# VIC 190 Pre-Invite OR Sponsorship Effected from 1st July 2018



## Aicha1988 (Jul 10, 2016)

Hi all,

I have been searching for people who got Pre-invite or State Sponsorship from Victoria Effected from 1st July 2018. But couldn't find any. Please post your timeline below with details so it can help others too. 

Mine is:
Code: 262111 DBA
EOI Submitted: 14th July 2018 (75 points) 
Pre-Invite: Waiting :fingerscrossed: 
:juggle:


----------



## himsrj (May 1, 2018)

Aicha1988 said:


> Hi all,
> 
> I have been searching for people who got Pre-invite or State Sponsorship from Victoria Effected from 1st July 2018. But couldn't find any. Please post your timeline below with details so it can help others too.
> 
> ...


No preinvites yet from Vic.


----------



## mahboob757 (May 29, 2018)

I’ve lodged EOI 190 for VIC as well. Waiting, fingers crossed!


----------



## Aicha1988 (Jul 10, 2016)

mahboob757 said:


> I’ve lodged EOI 190 for VIC as well. Waiting, fingers crossed!

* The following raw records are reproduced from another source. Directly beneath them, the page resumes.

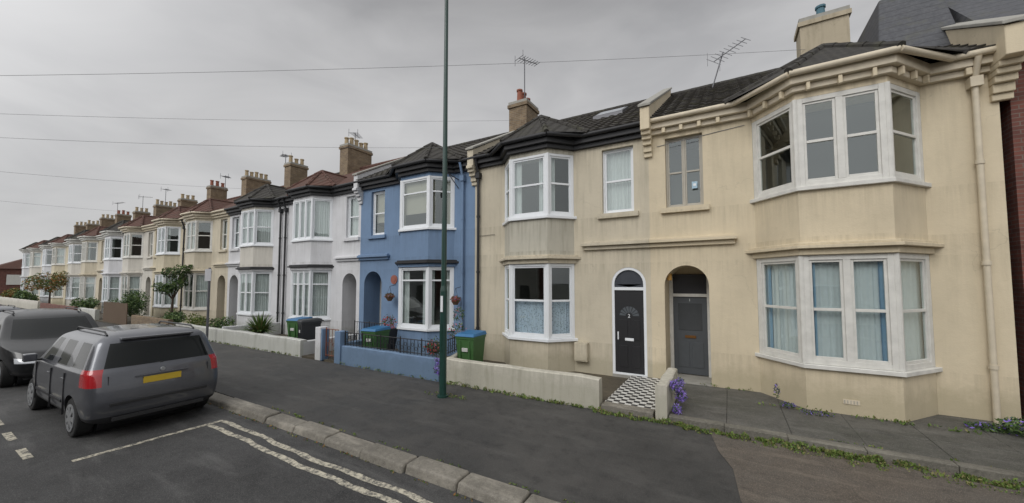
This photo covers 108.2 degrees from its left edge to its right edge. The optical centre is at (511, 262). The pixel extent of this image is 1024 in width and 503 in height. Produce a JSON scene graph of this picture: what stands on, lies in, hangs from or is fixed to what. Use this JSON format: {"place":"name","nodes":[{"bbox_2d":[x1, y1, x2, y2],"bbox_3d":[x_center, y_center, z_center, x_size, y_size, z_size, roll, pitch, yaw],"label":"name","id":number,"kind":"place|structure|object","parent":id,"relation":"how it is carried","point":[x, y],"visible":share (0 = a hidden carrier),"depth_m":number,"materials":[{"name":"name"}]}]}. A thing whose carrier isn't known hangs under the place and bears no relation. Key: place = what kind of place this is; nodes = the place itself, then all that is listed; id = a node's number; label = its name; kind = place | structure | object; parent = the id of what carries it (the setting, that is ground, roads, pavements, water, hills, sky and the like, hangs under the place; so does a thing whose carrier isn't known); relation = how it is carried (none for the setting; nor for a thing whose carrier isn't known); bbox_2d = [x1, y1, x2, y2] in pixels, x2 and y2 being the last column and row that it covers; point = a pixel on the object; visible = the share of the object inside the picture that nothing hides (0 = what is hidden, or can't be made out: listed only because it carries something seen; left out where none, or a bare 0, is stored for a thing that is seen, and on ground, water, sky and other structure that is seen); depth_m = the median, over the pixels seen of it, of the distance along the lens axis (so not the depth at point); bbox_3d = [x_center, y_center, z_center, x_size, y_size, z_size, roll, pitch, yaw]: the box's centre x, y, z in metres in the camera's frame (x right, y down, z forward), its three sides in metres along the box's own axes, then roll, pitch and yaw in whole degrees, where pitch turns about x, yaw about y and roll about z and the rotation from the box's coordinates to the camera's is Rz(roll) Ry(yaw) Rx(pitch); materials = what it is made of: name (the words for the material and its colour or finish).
{"place":"outdoors","nodes":[
{"label":"outdoors","id":0,"kind":"place"},
{"bbox_2d":[0,384,483,502],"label":"road","id":1,"kind":"structure","parent":0,"point":[204,464],"depth_m":5.24,"materials":[{"name":"asphalt"}]},
{"bbox_2d":[0,307,98,387],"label":"parked car","id":2,"kind":"object","parent":1,"relation":"on","point":[39,331],"visible":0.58,"depth_m":9.85,"materials":[{"name":"grey metal"}]},
{"bbox_2d":[22,320,217,436],"bbox_3d":[-8.210,2.146,7.758,4.432,1.766,2.294,-2,-3,29],"label":"parked car","id":3,"kind":"object","parent":1,"relation":"on","point":[92,380],"visible":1,"depth_m":6.62,"materials":[{"name":"grey metal"}]},
{"bbox_2d":[0,420,432,502],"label":"road markings","id":4,"kind":"object","parent":1,"relation":"on","point":[24,453],"visible":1,"depth_m":5.44,"materials":[{"name":"paint"}]},
{"bbox_2d":[339,137,372,174],"bbox_3d":[-9.097,-5.787,21.632,0.800,2.823,1.700,-2,-3,30],"label":"chimney stack","id":5,"kind":"object","parent":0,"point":[354,157],"visible":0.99,"depth_m":21.13,"materials":[{"name":"brick"}]},
{"bbox_2d":[0,304,741,502],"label":"pavement","id":6,"kind":"structure","parent":0,"point":[558,452],"depth_m":6.22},
{"bbox_2d":[205,268,211,337],"bbox_3d":[-12.618,1.758,15.400,0.560,3.100,0.104,-2,-3,30],"label":"traffic sign","id":7,"kind":"object","parent":6,"relation":"on","point":[208,271],"visible":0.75,"depth_m":15.38,"materials":[{"name":"metal"}]},
{"bbox_2d":[437,0,447,397],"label":"street lamp","id":8,"kind":"object","parent":6,"relation":"on","point":[443,347],"visible":1,"depth_m":8.24,"materials":[{"name":"metal"}]},
{"bbox_2d":[446,381,594,409],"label":"weeds","id":9,"kind":"object","parent":6,"relation":"on","point":[532,397],"visible":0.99,"depth_m":8.02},
{"bbox_2d":[593,406,667,424],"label":"weeds","id":10,"kind":"object","parent":6,"relation":"on","point":[630,417],"visible":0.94,"depth_m":6.82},
{"bbox_2d":[661,418,1023,495],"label":"weeds","id":11,"kind":"object","parent":6,"relation":"on","point":[873,458],"visible":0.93,"depth_m":5.24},
{"bbox_2d":[709,430,1023,502],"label":"pavement patch","id":12,"kind":"object","parent":6,"relation":"on","point":[767,474],"visible":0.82,"depth_m":4.65,"materials":[{"name":"concrete"}]},
{"bbox_2d":[96,311,682,422],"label":"front garden ground","id":13,"kind":"structure","parent":0,"point":[611,385],"depth_m":9.73,"materials":[{"name":"concrete"}]},
{"bbox_2d":[0,297,40,308],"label":"garden wall","id":14,"kind":"structure","parent":13,"relation":"on","point":[26,304],"depth_m":36.67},
{"bbox_2d":[21,270,69,303],"bbox_3d":[-44.097,2.536,35.289,3.369,3.638,3.421,3,-4,-43],"label":"garden tree","id":15,"kind":"object","parent":13,"relation":"on","point":[53,281],"visible":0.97,"depth_m":34.95,"materials":[{"name":"green plant"}]},
{"bbox_2d":[51,246,68,304],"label":"walls","id":16,"kind":"structure","parent":13,"relation":"on","point":[59,269],"depth_m":38.69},
{"bbox_2d":[65,243,81,305],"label":"walls","id":17,"kind":"structure","parent":13,"relation":"on","point":[74,268],"depth_m":35.45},
{"bbox_2d":[64,239,81,298],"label":"mouldings and eaves","id":18,"kind":"object","parent":17,"relation":"attached to","point":[68,241],"visible":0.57,"depth_m":35.34,"materials":[{"name":"paint"}]},
{"bbox_2d":[66,244,81,298],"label":"window frames","id":19,"kind":"structure","parent":18,"relation":"attached to","point":[71,278],"depth_m":35.42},
{"bbox_2d":[70,296,100,308],"bbox_3d":[-34.518,3.383,29.998,4.043,1.407,1.188,-1,-3,26],"label":"garden shrub","id":20,"kind":"object","parent":13,"relation":"on","point":[92,303],"visible":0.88,"depth_m":29.62,"materials":[{"name":"green plant"}]},
{"bbox_2d":[79,239,104,310],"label":"walls","id":21,"kind":"structure","parent":13,"relation":"on","point":[89,267],"depth_m":33.03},
{"bbox_2d":[77,235,103,300],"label":"mouldings and eaves","id":22,"kind":"object","parent":21,"relation":"attached to","point":[97,238],"visible":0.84,"depth_m":32.99,"materials":[{"name":"white paint"}]},
{"bbox_2d":[79,241,103,299],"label":"window frames","id":23,"kind":"structure","parent":22,"relation":"attached to","point":[83,280],"depth_m":33.15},
{"bbox_2d":[101,235,125,312],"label":"walls","id":24,"kind":"structure","parent":13,"relation":"on","point":[112,266],"depth_m":29.84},
{"bbox_2d":[99,231,122,302],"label":"mouldings and eaves","id":25,"kind":"object","parent":24,"relation":"attached to","point":[112,233],"visible":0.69,"depth_m":29.71,"materials":[{"name":"paint"}]},
{"bbox_2d":[101,237,122,301],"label":"window frames","id":26,"kind":"structure","parent":25,"relation":"attached to","point":[108,249],"depth_m":29.84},
{"bbox_2d":[104,239,118,299],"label":"curtains","id":27,"kind":"object","parent":26,"relation":"attached to","point":[114,283],"visible":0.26,"depth_m":29.78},
{"bbox_2d":[103,301,127,324],"bbox_3d":[-24.095,3.037,22.500,4.360,1.290,0.040,-2,-3,30],"label":"wooden fence","id":28,"kind":"object","parent":13,"relation":"on","point":[116,312],"visible":0.93,"depth_m":22.35,"materials":[{"name":"brown wood"}]},
{"bbox_2d":[121,289,150,317],"bbox_3d":[-23.215,2.506,22.820,3.417,1.792,1.136,-2,-3,30],"label":"garden shrub","id":29,"kind":"object","parent":13,"relation":"on","point":[134,302],"visible":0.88,"depth_m":22.44,"materials":[{"name":"green plant"}]},
{"bbox_2d":[122,230,154,316],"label":"walls","id":30,"kind":"structure","parent":13,"relation":"on","point":[133,264],"depth_m":27.33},
{"bbox_2d":[118,225,152,274],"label":"mouldings and eaves","id":31,"kind":"object","parent":30,"relation":"attached to","point":[144,228],"visible":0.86,"depth_m":27.32,"materials":[{"name":"white paint"}]},
{"bbox_2d":[120,233,152,302],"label":"window frames","id":32,"kind":"structure","parent":31,"relation":"attached to","point":[129,254],"depth_m":27.55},
{"bbox_2d":[118,215,155,227],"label":"roof","id":33,"kind":"structure","parent":30,"relation":"on","point":[142,220],"depth_m":27.92,"materials":[{"name":"red tile"}]},
{"bbox_2d":[206,180,227,199],"bbox_3d":[-23.814,-5.269,29.927,0.800,2.656,1.200,-2,-3,30],"label":"chimney stack","id":34,"kind":"object","parent":30,"relation":"on","point":[214,192],"visible":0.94,"depth_m":29.67,"materials":[{"name":"brick"}]},
{"bbox_2d":[131,315,172,324],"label":"garden wall","id":35,"kind":"structure","parent":13,"relation":"on","point":[137,319],"depth_m":19.62,"materials":[{"name":"brick"}]},
{"bbox_2d":[150,224,185,317],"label":"walls","id":36,"kind":"structure","parent":13,"relation":"on","point":[160,262],"depth_m":24.19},
{"bbox_2d":[149,218,184,307],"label":"mouldings and eaves","id":37,"kind":"object","parent":36,"relation":"attached to","point":[164,221],"visible":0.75,"depth_m":24.03,"materials":[{"name":"paint"}]},
{"bbox_2d":[154,226,180,305],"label":"window frames","id":38,"kind":"structure","parent":37,"relation":"attached to","point":[165,240],"depth_m":24.20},
{"bbox_2d":[157,228,178,303],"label":"curtains","id":39,"kind":"object","parent":38,"relation":"attached to","point":[167,299],"visible":0.16,"depth_m":24.21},
{"bbox_2d":[151,196,240,219],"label":"roof","id":40,"kind":"structure","parent":36,"relation":"on","point":[176,211],"depth_m":24.61,"materials":[{"name":"red tile"}]},
{"bbox_2d":[241,170,271,195],"bbox_3d":[-18.853,-5.381,27.319,0.800,2.606,1.700,-2,-3,30],"label":"chimney stack","id":41,"kind":"object","parent":36,"relation":"on","point":[250,183],"visible":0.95,"depth_m":26.81,"materials":[{"name":"brick"}]},
{"bbox_2d":[151,264,192,311],"bbox_3d":[-19.481,1.837,21.313,1.716,3.572,1.840,-2,-3,30],"label":"garden tree","id":42,"kind":"object","parent":13,"relation":"on","point":[170,287],"visible":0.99,"depth_m":21.18,"materials":[{"name":"green plant"}]},
{"bbox_2d":[182,216,229,324],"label":"walls","id":43,"kind":"structure","parent":13,"relation":"on","point":[219,281],"depth_m":21.60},
{"bbox_2d":[179,209,227,310],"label":"mouldings and eaves","id":44,"kind":"object","parent":43,"relation":"attached to","point":[215,214],"visible":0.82,"depth_m":21.61,"materials":[{"name":"white paint"}]},
{"bbox_2d":[182,219,226,308],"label":"window frames","id":45,"kind":"structure","parent":44,"relation":"attached to","point":[194,239],"depth_m":21.85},
{"bbox_2d":[186,221,226,306],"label":"curtains","id":46,"kind":"object","parent":45,"relation":"attached to","point":[202,287],"visible":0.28,"depth_m":21.80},
{"bbox_2d":[179,185,283,213],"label":"roof","id":47,"kind":"structure","parent":43,"relation":"on","point":[210,204],"depth_m":22.35,"materials":[{"name":"red tile"}]},
{"bbox_2d":[283,155,308,187],"bbox_3d":[-14.144,-5.577,24.284,0.800,2.680,1.200,-2,-3,30],"label":"chimney stack","id":48,"kind":"object","parent":43,"relation":"on","point":[295,172],"visible":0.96,"depth_m":23.93,"materials":[{"name":"brick"}]},
{"bbox_2d":[176,323,306,357],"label":"garden wall","id":49,"kind":"structure","parent":13,"relation":"on","point":[292,346],"depth_m":13.90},
{"bbox_2d":[226,206,284,333],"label":"walls","id":50,"kind":"structure","parent":13,"relation":"on","point":[258,256],"depth_m":18.46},
{"bbox_2d":[224,197,283,315],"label":"mouldings and eaves","id":51,"kind":"object","parent":50,"relation":"attached to","point":[251,202],"visible":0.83,"depth_m":18.38,"materials":[{"name":"paint"}]},
{"bbox_2d":[234,209,273,313],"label":"window frames","id":52,"kind":"structure","parent":51,"relation":"attached to","point":[255,227],"depth_m":18.47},
{"bbox_2d":[237,212,270,310],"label":"curtains","id":53,"kind":"object","parent":52,"relation":"attached to","point":[262,280],"visible":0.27,"depth_m":18.56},
{"bbox_2d":[276,200,283,321],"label":"drainpipes","id":54,"kind":"object","parent":50,"relation":"attached to","point":[280,211],"visible":0.94,"depth_m":17.95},
{"bbox_2d":[229,172,339,207],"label":"roof","id":55,"kind":"structure","parent":50,"relation":"on","point":[269,191],"depth_m":18.90,"materials":[{"name":"tile"}]},
{"bbox_2d":[241,311,279,333],"bbox_3d":[-10.651,2.502,15.623,1.847,1.037,1.804,-2,-3,30],"label":"spiky plant","id":56,"kind":"object","parent":13,"relation":"on","point":[259,325],"visible":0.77,"depth_m":15.57,"materials":[{"name":"green plant"}]},
{"bbox_2d":[285,316,312,337],"bbox_3d":[-8.274,2.681,14.468,0.596,1.099,0.795,-1,-3,19],"label":"wheelie bin","id":57,"kind":"object","parent":13,"relation":"on","point":[292,326],"visible":0.43,"depth_m":14.16,"materials":[{"name":"green plastic"}]},
{"bbox_2d":[297,317,323,339],"bbox_3d":[-7.503,2.635,13.786,0.795,1.119,0.596,3,-4,-42],"label":"wheelie bin","id":58,"kind":"object","parent":13,"relation":"on","point":[307,328],"visible":0.62,"depth_m":13.56,"materials":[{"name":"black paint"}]},
{"bbox_2d":[283,193,360,339],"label":"walls","id":59,"kind":"structure","parent":13,"relation":"on","point":[344,295],"depth_m":15.89,"materials":[{"name":"paint"}]},
{"bbox_2d":[281,199,288,333],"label":"drainpipes","id":60,"kind":"object","parent":59,"relation":"attached to","point":[285,209],"visible":1,"depth_m":17.71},
{"bbox_2d":[279,181,358,320],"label":"mouldings and eaves","id":61,"kind":"object","parent":59,"relation":"attached to","point":[318,190],"visible":0.82,"depth_m":15.89,"materials":[{"name":"paint"}]},
{"bbox_2d":[290,196,358,318],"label":"window frames","id":62,"kind":"structure","parent":61,"relation":"attached to","point":[304,272],"depth_m":16.04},
{"bbox_2d":[294,199,358,315],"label":"curtains","id":63,"kind":"object","parent":62,"relation":"attached to","point":[320,292],"visible":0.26,"depth_m":16.11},
{"bbox_2d":[285,156,405,195],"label":"roof","id":64,"kind":"structure","parent":59,"relation":"on","point":[324,178],"depth_m":16.71,"materials":[{"name":"red tile"}]},
{"bbox_2d":[303,334,355,354],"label":"garden wall","id":65,"kind":"structure","parent":13,"relation":"on","point":[309,346],"depth_m":12.84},
{"bbox_2d":[315,326,347,363],"bbox_3d":[-5.752,2.596,11.800,1.280,1.050,0.280,-2,-3,30],"label":"gate post","id":66,"kind":"object","parent":13,"relation":"on","point":[320,338],"visible":0.82,"depth_m":11.87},
{"bbox_2d":[360,325,390,349],"bbox_3d":[-4.324,2.567,11.814,0.596,1.049,0.795,-1,-3,22],"label":"wheelie bin","id":67,"kind":"object","parent":13,"relation":"on","point":[379,330],"visible":0.51,"depth_m":11.59,"materials":[{"name":"green plastic"}]},
{"bbox_2d":[341,345,439,381],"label":"garden wall","id":68,"kind":"structure","parent":13,"relation":"on","point":[408,364],"depth_m":10.31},
{"bbox_2d":[345,331,439,357],"bbox_3d":[-3.502,2.278,10.511,3.876,0.450,0.034,-2,-3,30],"label":"iron railing","id":69,"kind":"object","parent":68,"relation":"on","point":[396,350],"visible":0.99,"depth_m":10.44,"materials":[{"name":"metal"}]},
{"bbox_2d":[455,330,486,361],"bbox_3d":[-1.113,2.446,10.174,0.596,1.119,0.795,-1,-3,25],"label":"wheelie bin","id":70,"kind":"object","parent":13,"relation":"on","point":[470,344],"visible":0.63,"depth_m":9.91,"materials":[{"name":"green plastic"}]},
{"bbox_2d":[446,357,601,410],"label":"garden wall","id":71,"kind":"structure","parent":13,"relation":"on","point":[584,390],"depth_m":8.06,"materials":[{"name":"paint"}]},
{"bbox_2d":[474,139,652,377],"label":"walls","id":72,"kind":"structure","parent":13,"relation":"on","point":[595,271],"depth_m":10.38,"materials":[{"name":"paint"}]},
{"bbox_2d":[474,159,481,329],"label":"drainpipes","id":73,"kind":"object","parent":72,"relation":"attached to","point":[478,175],"visible":0.93,"depth_m":12.03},
{"bbox_2d":[465,130,514,185],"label":"party wall parapet","id":74,"kind":"structure","parent":72,"relation":"attached to","point":[476,149],"depth_m":12.25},
{"bbox_2d":[470,121,649,342],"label":"mouldings and eaves","id":75,"kind":"object","parent":72,"relation":"attached to","point":[566,141],"visible":0.91,"depth_m":10.27,"materials":[{"name":"paint"}]},
{"bbox_2d":[505,146,633,338],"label":"window frames","id":76,"kind":"structure","parent":72,"relation":"attached to","point":[546,183],"depth_m":10.41,"materials":[{"name":"plastic"}]},
{"bbox_2d":[515,150,630,333],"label":"curtains","id":77,"kind":"object","parent":76,"relation":"attached to","point":[529,316],"visible":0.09,"depth_m":10.42,"materials":[{"name":"fabric"}]},
{"bbox_2d":[473,99,675,155],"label":"roof","id":78,"kind":"structure","parent":72,"relation":"on","point":[585,123],"depth_m":11.00,"materials":[{"name":"tile"}]},
{"bbox_2d":[507,89,538,131],"bbox_3d":[0.479,-5.840,15.219,0.900,2.256,1.100,-2,-3,30],"label":"chimney stack","id":79,"kind":"object","parent":78,"relation":"on","point":[522,110],"visible":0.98,"depth_m":14.83,"materials":[{"name":"brick"}]},
{"bbox_2d":[574,342,588,361],"bbox_3d":[1.899,2.434,10.143,0.370,0.500,0.168,-2,-3,30],"label":"meter box","id":80,"kind":"object","parent":72,"relation":"attached to","point":[581,351],"visible":1,"depth_m":10.07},
{"bbox_2d":[612,267,647,376],"bbox_3d":[3.060,1.513,9.670,0.880,2.790,0.100,-2,-3,30],"label":"front door","id":81,"kind":"structure","parent":72,"relation":"attached to","point":[629,340],"depth_m":9.65,"materials":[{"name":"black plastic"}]},
{"bbox_2d":[655,368,677,421],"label":"garden wall","id":82,"kind":"structure","parent":13,"relation":"on","point":[665,400],"depth_m":6.76,"materials":[{"name":"paint"}]},
{"bbox_2d":[0,0,879,263],"label":"sky","id":83,"kind":"structure","parent":0,"point":[44,41],"materials":[{"name":"grey"}]},
{"bbox_2d":[601,375,659,419],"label":"tiled path","id":84,"kind":"structure","parent":0,"point":[634,395],"depth_m":7.60,"materials":[{"name":"tile"}]},
{"bbox_2d":[669,383,1023,484],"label":"paving slabs","id":85,"kind":"structure","parent":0,"point":[920,441],"depth_m":5.97,"materials":[{"name":"concrete"}]},
{"bbox_2d":[669,377,687,413],"bbox_3d":[3.197,2.505,7.117,0.323,0.601,1.002,-2,-3,30],"label":"lobelia plant","id":86,"kind":"object","parent":85,"relation":"on","point":[679,384],"visible":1,"depth_m":6.99,"materials":[{"name":"purple plant"}]},
{"bbox_2d":[758,401,981,434],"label":"weeds","id":87,"kind":"object","parent":85,"relation":"on","point":[904,422],"visible":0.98,"depth_m":6.34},
{"bbox_2d":[964,416,1023,436],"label":"flowering shrub","id":88,"kind":"object","parent":85,"relation":"on","point":[1007,426],"visible":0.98,"depth_m":5.95,"materials":[{"name":"green plant"}]},
{"bbox_3d":[-20.099,-1.369,7.310,0.270,8.700,0.270,-2,-3,30],"label":"telegraph pole","id":89,"kind":"object","parent":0,"visible":0},
{"bbox_2d":[0,49,804,214],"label":"telephone wires","id":90,"kind":"object","parent":89,"relation":"attached to","point":[277,120],"visible":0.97,"depth_m":10.24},
{"label":"ground","id":91,"kind":"structure","parent":0,"visible":0},
{"bbox_2d":[0,259,21,292],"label":"brick house","id":92,"kind":"structure","parent":91,"relation":"on","point":[10,273],"depth_m":74.22,"materials":[{"name":"red brick"}]},
{"bbox_2d":[208,392,559,502],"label":"kerb","id":93,"kind":"structure","parent":91,"relation":"on","point":[464,482],"depth_m":5.26,"materials":[{"name":"concrete"}]},
{"bbox_2d":[358,171,474,356],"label":"walls","id":94,"kind":"structure","parent":91,"relation":"on","point":[410,245],"depth_m":14.10,"materials":[{"name":"paint"}]},
{"bbox_2d":[352,157,403,203],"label":"party wall parapet","id":95,"kind":"structure","parent":94,"relation":"attached to","point":[357,190],"depth_m":15.21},
{"bbox_2d":[355,157,469,331],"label":"mouldings and eaves","id":96,"kind":"object","parent":94,"relation":"attached to","point":[419,166],"visible":0.87,"depth_m":12.69,"materials":[{"name":"paint"}]},
{"bbox_2d":[373,175,454,328],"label":"window frames","id":97,"kind":"structure","parent":96,"relation":"attached to","point":[428,280],"depth_m":12.68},
{"bbox_2d":[377,180,450,324],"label":"curtains","id":98,"kind":"object","parent":97,"relation":"attached to","point":[415,203],"visible":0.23,"depth_m":13.01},
{"bbox_2d":[356,132,507,179],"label":"roof","id":99,"kind":"structure","parent":94,"relation":"on","point":[432,150],"depth_m":13.35,"materials":[{"name":"tile"}]},
{"bbox_2d":[459,162,465,331],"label":"drainpipes","id":100,"kind":"object","parent":94,"relation":"attached to","point":[462,177],"visible":0.84,"depth_m":12.36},
{"bbox_2d":[648,74,1021,422],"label":"walls","id":101,"kind":"structure","parent":91,"relation":"on","point":[944,209],"depth_m":7.03,"materials":[{"name":"beige paint"}]},
{"bbox_2d":[638,87,671,157],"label":"party wall parapet","id":102,"kind":"structure","parent":101,"relation":"attached to","point":[651,105],"depth_m":9.43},
{"bbox_2d":[669,274,711,377],"bbox_3d":[4.636,1.602,9.648,0.980,2.610,0.080,-2,-3,30],"label":"front door","id":103,"kind":"structure","parent":101,"relation":"attached to","point":[690,346],"depth_m":9.65,"materials":[{"name":"grey paint"}]},
{"bbox_2d":[665,81,934,371],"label":"window frames","id":104,"kind":"structure","parent":101,"relation":"in","point":[894,310],"depth_m":6.99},
{"bbox_2d":[765,261,923,360],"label":"curtains","id":105,"kind":"object","parent":104,"relation":"attached to","point":[869,294],"depth_m":7.02,"materials":[{"name":"fabric"}]},
{"bbox_2d":[649,45,996,377],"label":"mouldings and eaves","id":106,"kind":"object","parent":101,"relation":"attached to","point":[895,62],"visible":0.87,"depth_m":6.93,"materials":[{"name":"white paint"}]},
{"bbox_2d":[650,40,995,151],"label":"roof","id":107,"kind":"structure","parent":101,"relation":"on","point":[725,91],"depth_m":8.35,"materials":[{"name":"tile"}]},
{"bbox_2d":[794,3,851,57],"bbox_3d":[9.139,-6.266,10.928,1.200,2.658,0.800,-2,-3,30],"label":"chimney stack","id":108,"kind":"object","parent":107,"relation":"on","point":[820,26],"visible":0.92,"depth_m":10.67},
{"bbox_2d":[857,0,955,63],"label":"slate dormer","id":109,"kind":"object","parent":107,"relation":"on","point":[916,22],"visible":0.31,"depth_m":8.33,"materials":[{"name":"stone"}]},
{"bbox_2d":[937,14,1023,102],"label":"party wall parapet","id":110,"kind":"structure","parent":101,"relation":"attached to","point":[1005,34],"depth_m":6.45,"materials":[{"name":"paint"}]},
{"bbox_2d":[965,55,1000,423],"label":"drainpipes","id":111,"kind":"object","parent":101,"relation":"attached to","point":[974,82],"visible":0.93,"depth_m":6.51,"materials":[{"name":"metal"}]},
{"bbox_2d":[945,0,1023,420],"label":"brick house","id":112,"kind":"structure","parent":91,"relation":"on","point":[1012,119],"depth_m":6.59,"materials":[{"name":"brick"}]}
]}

Hope for the best... We have similar Points though.


----------



## Aicha1988 (Jul 10, 2016)

himsrj said:


> No preinvites yet from Vic.


Yes I wonder when will they start giving it


----------



## andreyx108b (Mar 15, 2015)

Aicha1988 said:


> Hi all,
> 
> I have been searching for people who got Pre-invite or State Sponsorship from Victoria Effected from 1st July 2018. But couldn't find any. Please post your timeline below with details so it can help others too.
> 
> ...


I've not seen invites recently, but that's usual story for new FY start.


----------



## Aicha1988 (Jul 10, 2016)

andreyx108b said:


> I've not seen invites recently, but that's usual story for new FY start.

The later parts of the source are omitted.